From: Henry Bender <benderh>
Date: Sat, 19 Oct 1996 12:33:46 -0400 (EDT)

For all of those who are interested and could possibly help me:

My name is Eric Bender, and I am a senior at Georgetown University. I am an AMerican Studies major writing my thesis on children's literature. I have always had an interest in the field, and I had a wonderful opportunity to study children's literature last year in England.

I have returned from my year abroad and am now writing my thesis on children's literature, focusing on books that have and have not won the Newbery Medal or a Newbery Honorable mention. I am specifically examining the books on the award lists for the years of 1965, 1968, 1975, 1978, and 1984. (If anyone has served on the committee during those years I would be very grateful if you could please contact me.) WHile I am reading the final award-winners and the honor books for those years, I am also looking at books that seem perenially popular and well-written but have not made any of the lists: Harriet the Spy, The Great Brain, Judy Blume texts, and The CHocolate War in particular. I am examining why these books did not win, and if a correlation exists between the winning books and events that occurred during those years in AMerican history, society and culture.

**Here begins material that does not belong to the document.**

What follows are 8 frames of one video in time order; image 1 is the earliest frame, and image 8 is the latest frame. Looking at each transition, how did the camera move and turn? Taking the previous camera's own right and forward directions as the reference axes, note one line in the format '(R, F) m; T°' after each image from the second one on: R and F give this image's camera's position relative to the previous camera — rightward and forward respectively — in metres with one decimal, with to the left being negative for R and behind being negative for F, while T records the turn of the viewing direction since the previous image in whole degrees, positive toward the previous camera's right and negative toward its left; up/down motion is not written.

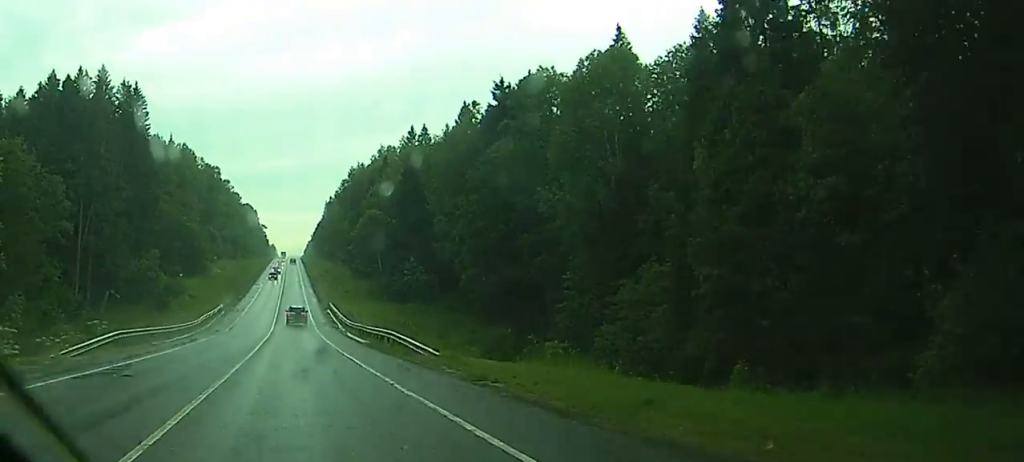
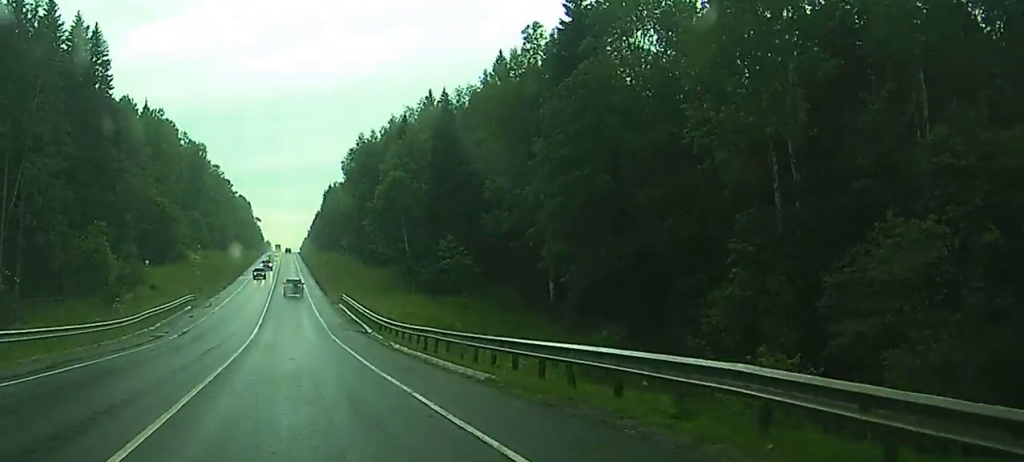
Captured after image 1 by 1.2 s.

Other questions I have: Does the committee feel pressure to push certain books, themes, topics over others? Where do such pressures originate, if they do exist? Do committee members feel that some books cannot win because they are too serious, too mature, too influential for children to handle? ARe the choices (along with what is published) influenced by or reflections of the times and what can and cannot be read by children as deemed legible by society? (I am thinking in particular of Harriet, and the controversial line, "I'll be damned if I am going to take ballet lessons!") How are books actually agreed upn by the committee as distinguished? If each committee sets its own boundaries, how do they do that? Are certain themes promoted if that issue needs to be addressed in society: AIDS, homosexuality, abandonment, multiculturalism? If the committee does keep with the belief that a work of children's literature must have some sense of hope and redemption at the end, don't many books, often good ones, become ineligible and are ignored? Finally, I am looking at how this award reflects American attitudes: What is best? WHat has the gold seal? and instant gratification by picking up a book with a seal on it and believing we have a great book at hand, no search necessary.

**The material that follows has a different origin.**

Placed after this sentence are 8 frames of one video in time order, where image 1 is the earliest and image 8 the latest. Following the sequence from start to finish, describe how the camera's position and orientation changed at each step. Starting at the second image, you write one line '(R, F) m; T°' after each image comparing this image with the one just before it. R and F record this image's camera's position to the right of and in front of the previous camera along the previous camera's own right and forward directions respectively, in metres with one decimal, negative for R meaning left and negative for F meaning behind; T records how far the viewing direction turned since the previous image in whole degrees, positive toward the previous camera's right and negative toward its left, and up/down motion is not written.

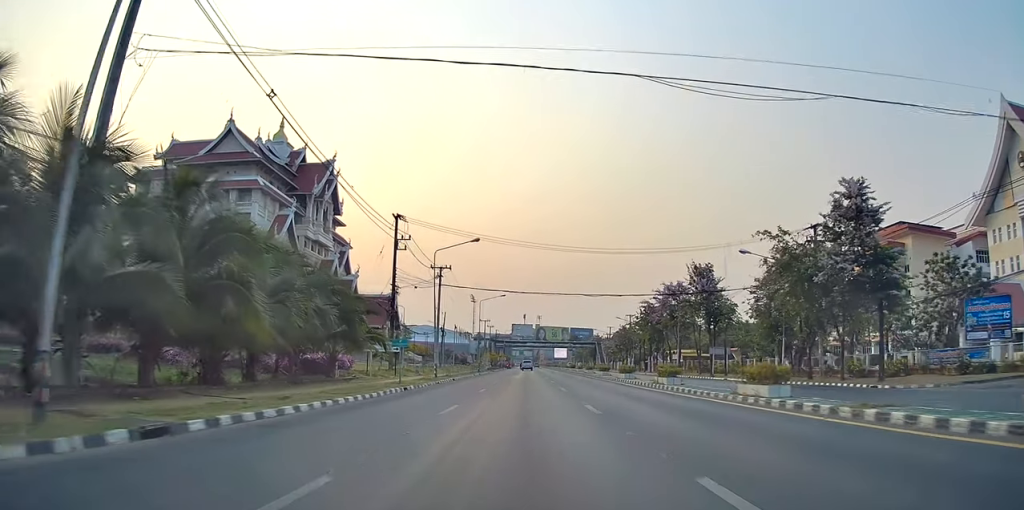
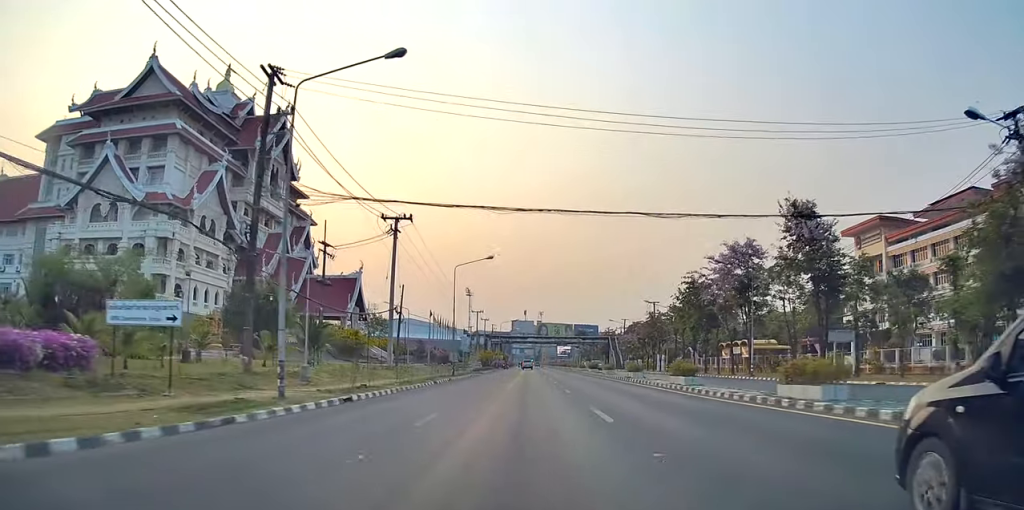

These are my ideas and where I am now in my thesis research. I am to start reading the books themselves, and I am doing analytical/theoretical research as well. I could be very "off center" or on the verge of an interesting study. If anyone has any ideas, responses, or answers for me, PLEASE respond to me. I would appreciate any information and advice, and again, I would love to meet with anyone, especially anyone who served on the NEwbery committee during the years of 1965, 1968, 1975, 1978, and 1984.

                        Thank you very much.